▶ _Problem description_:
In your copy, include every line of the records exactly and no picture at all.

▶ _Dataset_:
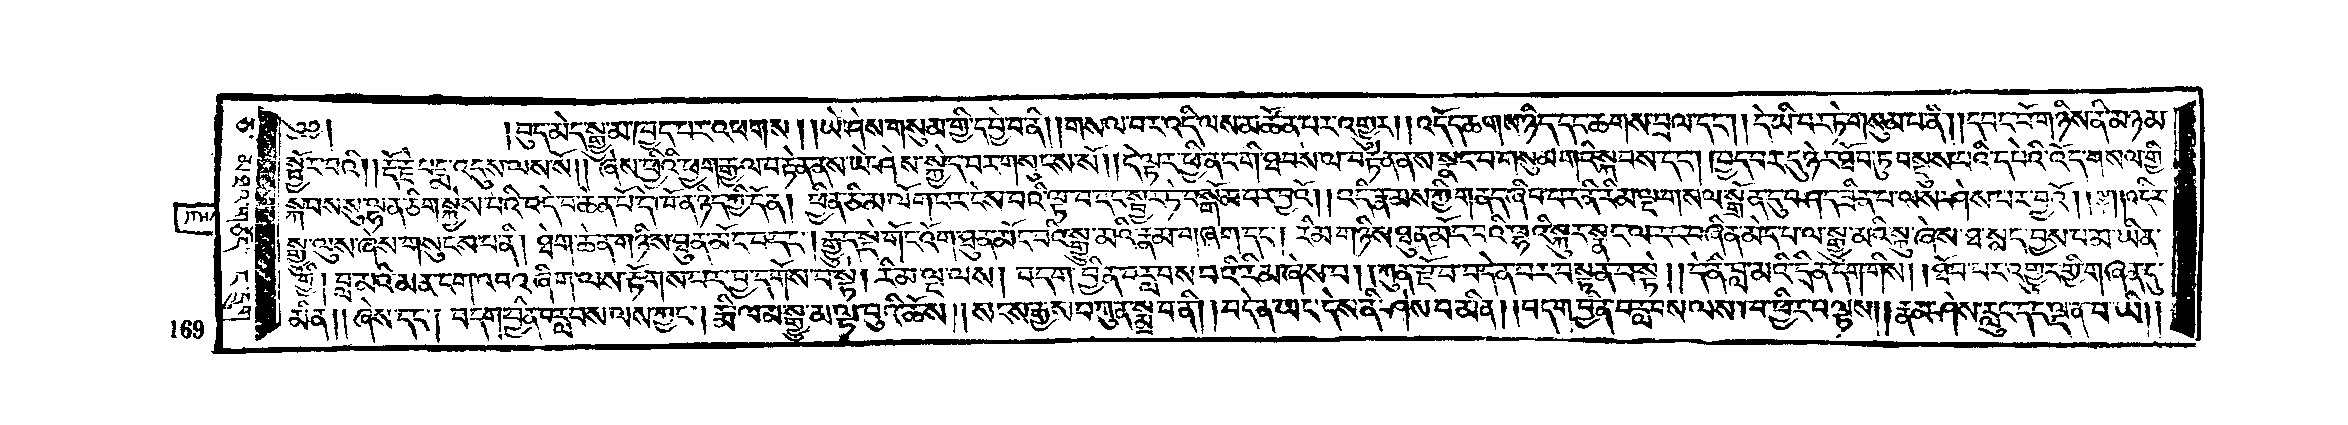༄༅། །བུད་མེད་སྒྱུ་མ་ཁྱད་པར་འཕགས། །ཡེ་ཤེས་གསུམ་གྱི་དབྱེ་བ་ནི། །གསལ་བར་འདི་ལས་མཚོན་པར་འགྱུར། །འདོད་ཆགས་ཉིད་དང་ཆགས་བྲལ་དང་། །དེ་ཡི་བར་ཏེ་གསུམ་པ་ནི། །དབང་པོ་གཉིས་ནི་མཉམ་
སྦྱོར་བའི། །རྡོ་རྗེ་པདམ་འདུས་ལས་སོ། །ཞེས་ཕྱིའི་ཕྱག་རྒྱ་ལ་བརྟེན་ནས་ཡེ་ཤེས་སྐྱེད་པར་གསུངས་སོ། །དེ་ལྟར་ཕྱི་ནང་གི་ཐབས་ལ་བརྟེན་ནས་སྣང་བ་གསུམ་གའི་སྐབས་དང་། ཁྱད་པར་དུ་ཉེར་ཐོབ་ཏུ་བསྡུས་པའི་དཔེའི་འོད་གསལ་གྱི་
སྐབས་སུ་ལྷན་ཅིག་སྐྱེས་པའི་བདེ་བ་ཆེན་པོ་དེ་ཁོ་ན་ཉིད་ཀྱི་དོན། ཕྱིན་ཅི་མ་ལོག་པར་ངེས་པའི་ལྟ་བ་དང་སྦྱར་ཏེ་བསྒོམ་པར་བྱའོ། །འདི་རྣམས་ཀྱི་གནད་ཞིབ་པར་ནི་རིམ་ལྔ་གསལ་སྒྲོན་དུ་བཤད་ཟིན་པ་ལས་ཤེས་པར་བྱའོ།། ༈ །།འདིར་
སྒྱུ་ལུས་ཞེས་གསུངས་པ་ནི། ཐེག་ཆེན་གཉིས་ཐུན་མོང་བ་དང་། རྒྱུད་སྡེ་གོང་འོག་ཐུན་མོང་བའི་སྒྱུ་མའི་རྣམ་གཞག་དང་། རིམ་གཉིས་ཐུན་མོང་བའི་ལྷའི་སྐུར་སྣང་ལ་རང་བཞིན་མེད་པ་ལ་སྒྱུ་མའི་སྐུ་ཞེས་ཐ་སྙད་བྱས་པ་མ་ཡིན་
གྱི། བླ་མའི་མན་ངག་འབའ་ཞིག་ལས་རྟོགས་པར་བྱ་དགོས་པ་སྟེ། རིམ་ལྔ་ལས། བདག་བྱིན་བརླབས་པའི་རིམ་ཞེས་པ། །ཀུན་རྫོབ་བདེན་པར་བསྟན་པ་སྟེ། །དེ་ནི་བླ་མའི་དྲིན་དག་གིས། །ཐོབ་པར་འགྱུར་གྱི་གཞན་དུ་
མིན། །ཞེས་དང་། བདག་བྱིན་བརླབས་ལས་ཀྱང་། རྨི་ལམ་སྒྱུ་མ་ལྟ་བུའི་ཆོས། །སངས་རྒྱས་པ་ཀུན་སྨྲ་བ་ནི། །བདེན་ཡང་དེས་ནི་ཤེས་པ་མིན། །བདག་བྱིན་བརླབས་ལས་ཁ་ཕྱིར་བལྟས། །རྣམ་ཤེས་རླུང་དང་ལྡན་པ་ཡི། །

▶ _Solution to this task_:
༄༅། །བུད་མེད་སྒྱུ་མ་ཁྱད་པར་འཕགས། །ཡེ་ཤེས་གསུམ་གྱི་དབྱེ་བ་ནི། །གསལ་བར་འདི་ལས་མཚོན་པར་འགྱུར། །འདོད་ཆགས་ཉིད་དང་ཆགས་བྲལ་དང་། །དེ་ཡི་བར་ཏེ་གསུམ་པ་ནི། །དབང་པོ་གཉིས་ནི་མཉམ་
སྦྱོར་བའི། །རྡོ་རྗེ་པདམ་འདུས་ལས་སོ། །ཞེས་ཕྱིའི་ཕྱག་རྒྱ་ལ་བརྟེན་ནས་ཡེ་ཤེས་སྐྱེད་པར་གསུངས་སོ། །དེ་ལྟར་ཕྱི་ནང་གི་ཐབས་ལ་བརྟེན་ནས་སྣང་བ་གསུམ་གའི་སྐབས་དང་། ཁྱད་པར་དུ་ཉེར་ཐོབ་ཏུ་བསྡུས་པའི་དཔེའི་འོད་གསལ་གྱི་
སྐབས་སུ་ལྷན་ཅིག་སྐྱེས་པའི་བདེ་བ་ཆེན་པོ་དེ་ཁོ་ན་ཉིད་ཀྱི་དོན། ཕྱིན་ཅི་མ་ལོག་པར་ངེས་པའི་ལྟ་བ་དང་སྦྱར་ཏེ་བསྒོམ་པར་བྱའོ། །འདི་རྣམས་ཀྱི་གནད་ཞིབ་པར་ནི་རིམ་ལྔ་གསལ་སྒྲོན་དུ་བཤད་ཟིན་པ་ལས་ཤེས་པར་བྱའོ།། ༈ །།འདིར་
སྒྱུ་ལུས་ཞེས་གསུངས་པ་ནི། ཐེག་ཆེན་གཉིས་ཐུན་མོང་བ་དང་། རྒྱུད་སྡེ་གོང་འོག་ཐུན་མོང་བའི་སྒྱུ་མའི་རྣམ་གཞག་དང་། རིམ་གཉིས་ཐུན་མོང་བའི་ལྷའི་སྐུར་སྣང་ལ་རང་བཞིན་མེད་པ་ལ་སྒྱུ་མའི་སྐུ་ཞེས་ཐ་སྙད་བྱས་པ་མ་ཡིན་
གྱི། བླ་མའི་མན་ངག་འབའ་ཞིག་ལས་རྟོགས་པར་བྱ་དགོས་པ་སྟེ། རིམ་ལྔ་ལས། བདག་བྱིན་བརླབས་པའི་རིམ་ཞེས་པ། །ཀུན་རྫོབ་བདེན་པར་བསྟན་པ་སྟེ། །དེ་ནི་བླ་མའི་དྲིན་དག་གིས། །ཐོབ་པར་འགྱུར་གྱི་གཞན་དུ་
མིན། །ཞེས་དང་། བདག་བྱིན་བརླབས་ལས་ཀྱང་། རྨི་ལམ་སྒྱུ་མ་ལྟ་བུའི་ཆོས། །སངས་རྒྱས་པ་ཀུན་སྨྲ་བ་ནི། །བདེན་ཡང་དེས་ནི་ཤེས་པ་མིན། །བདག་བྱིན་བརླབས་ལས་ཁ་ཕྱིར་བལྟས། །རྣམ་ཤེས་རླུང་དང་ལྡན་པ་ཡི། །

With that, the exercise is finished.